---------- Supplied information

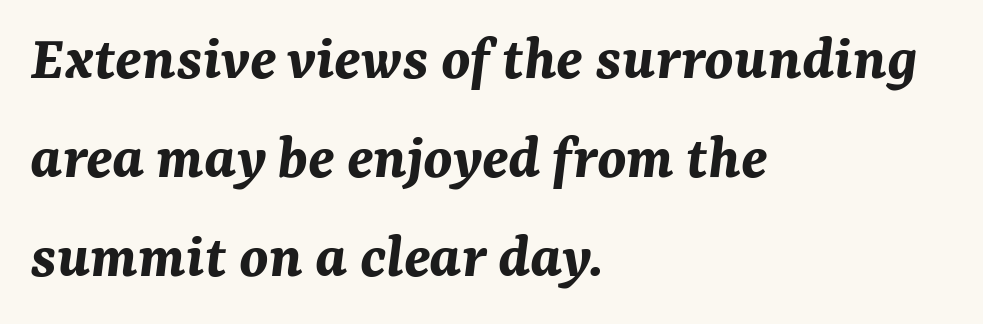
{"italic": "yes", "lean": "right", "slant_degrees": 7, "bold": "yes", "weight": "bold", "width": "normal", "stroke_contrast": "medium", "x_height": "medium", "monospaced": "no", "underline": "no", "align": "left", "line_spacing": "normal", "line_spacing_ratio": 1.52, "letter_spacing": "normal", "letter_spacing_em": 0.0, "glyph_px": 65}
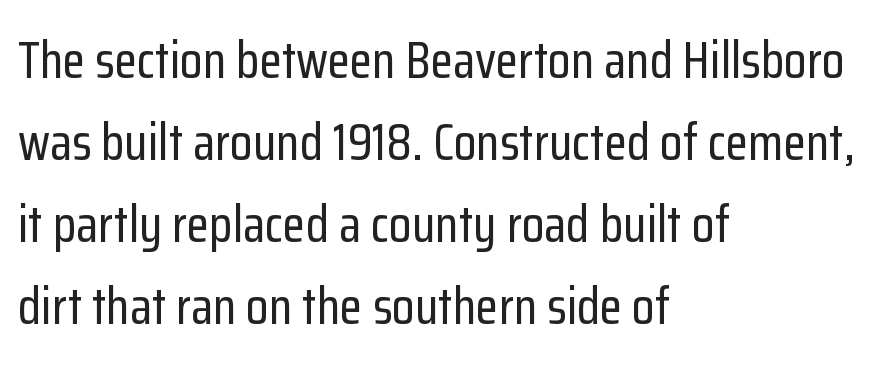
The face used here is rendered with its standard letterfit. The rendering uses natural spacing where letterforms have individual widths. This sample keeps an unexceptional amount of space between lines. The foot of each line stays bare and open.
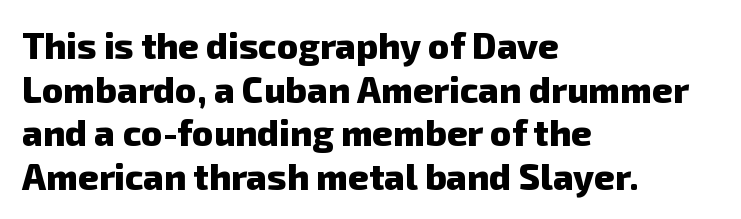
The image shows 36 px heavy sans-serif type; set left-aligned, line spacing 1.21x, normal letter spacing, not underlined; low stroke contrast and a medium x-height.
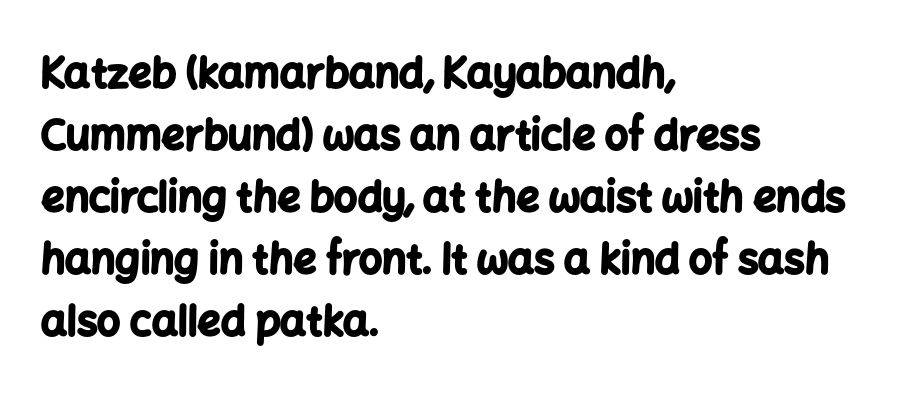
Q: Is the text bold? A: Yes.
Q: Is the text italic (slanted)? A: No, it is upright.
Q: Is the typeface a serif or a sans-serif typeface? A: Sans-serif.
Q: Is the text underlined? A: No.
Q: How is the paragraph aligned? A: Left-aligned.
Q: Is the spacing between letters normal or unusually wide? A: Normal.
Q: Is the spacing between lines tight, normal or loose? A: Normal.
Q: Width (condensed, normal, or wide)? A: Normal.
Q: Stroke contrast? A: Low.
Q: x-height? A: Medium.
Q: Monospaced? A: No.
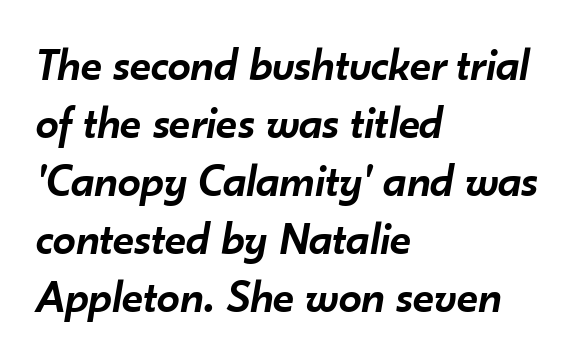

--------------------

In the lines above, find the word "normal" and copy every line it occurs in.

◆ **Response for this exercise**:
{"italic": "yes", "lean": "right", "slant_degrees": 7, "bold": "yes", "weight": "bold", "width": "normal", "stroke_contrast": "medium", "x_height": "medium", "monospaced": "no", "underline": "no", "align": "left", "line_spacing": "normal", "line_spacing_ratio": 1.52, "letter_spacing": "normal", "letter_spacing_em": 0.0, "glyph_px": 65}
The image shows 36 px heavy sans-serif type; set left-aligned, line spacing 1.21x, normal letter spacing, not underlined; low stroke contrast and a medium x-height.
Q: Is the spacing between letters normal or unusually wide? A: Normal.
Q: Is the spacing between lines tight, normal or loose? A: Normal.
Q: Width (condensed, normal, or wide)? A: Normal.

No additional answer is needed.